Emissions of Volatile Organic Compounds from Products and Materials in Indoor Environments

  • Tunga Salthammer
Part of the The Handbook of Environmental Chemistry book series (HEC, volume 4F)


Building products, furnishings and other indoor materials often emit volatile and semivolatile organic compounds (VOCs and SVOCs). With respect to a healthy indoor environment, only low emitting products, which do not influence the indoor air quality in a negative way, should be used in a building. Therefore, materials and products for indoor use need to be evaluated for their chemical emissions.
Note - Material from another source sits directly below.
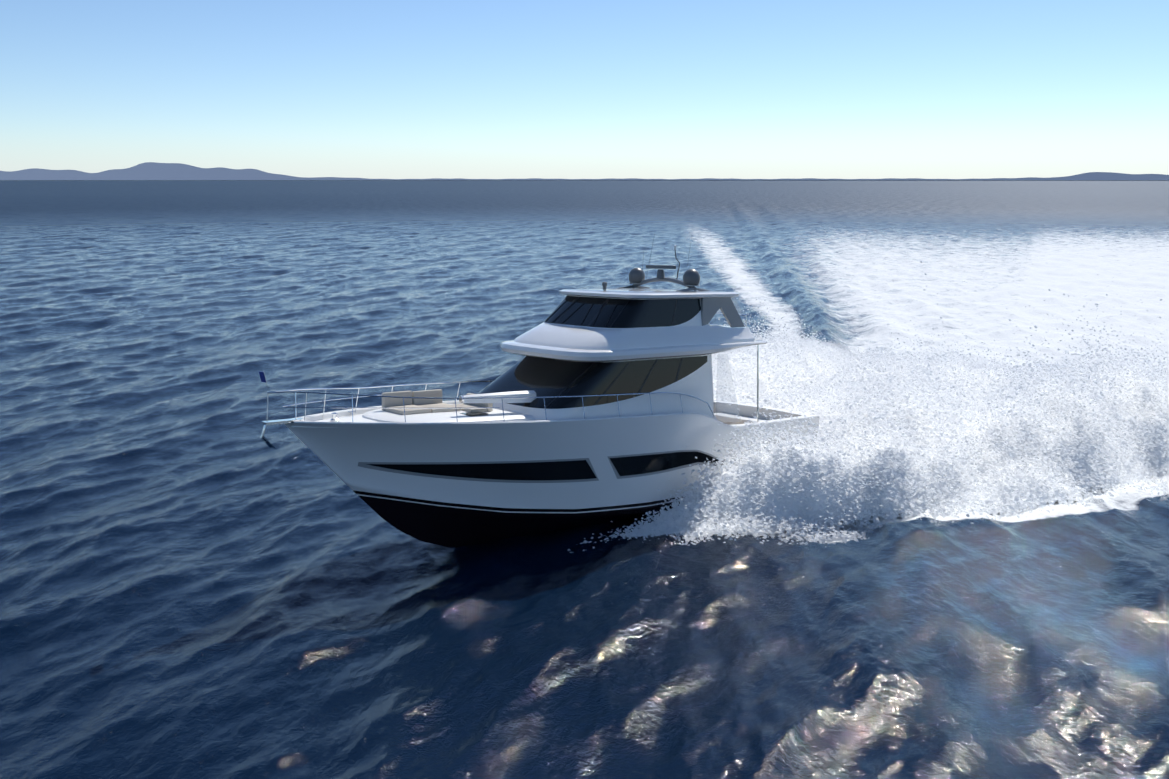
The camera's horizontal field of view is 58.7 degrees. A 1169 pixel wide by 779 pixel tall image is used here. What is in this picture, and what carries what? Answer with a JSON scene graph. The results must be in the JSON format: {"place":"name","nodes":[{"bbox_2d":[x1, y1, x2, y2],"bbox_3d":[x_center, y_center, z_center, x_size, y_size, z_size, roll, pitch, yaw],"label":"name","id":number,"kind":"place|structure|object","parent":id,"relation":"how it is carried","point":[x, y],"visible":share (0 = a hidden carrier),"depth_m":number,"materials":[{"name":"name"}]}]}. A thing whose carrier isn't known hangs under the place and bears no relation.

Many emission studies have shown that the types of sources in occupational and residential indoor environments, the spectrum of emitting VOCs and SVOCs, the emission rate and the duration of emission cover a wide range. The demand for standardised test methods under laboratory conditions has resulted in several guidelines for the determination of emission rates by use of test chambers and cells. Furthermore, it is now recognised that both primary and secondary emissions may affect indoor air quality. As a consequence, modern product development should also consider secondary products, which seem to be of importance for long-term emissions. In order to characterise the release of VOCs and SVOCs from materials under realistic conditions, it is important to study the influence of processing, substrate and climatic parameters on emitting species and emission rates.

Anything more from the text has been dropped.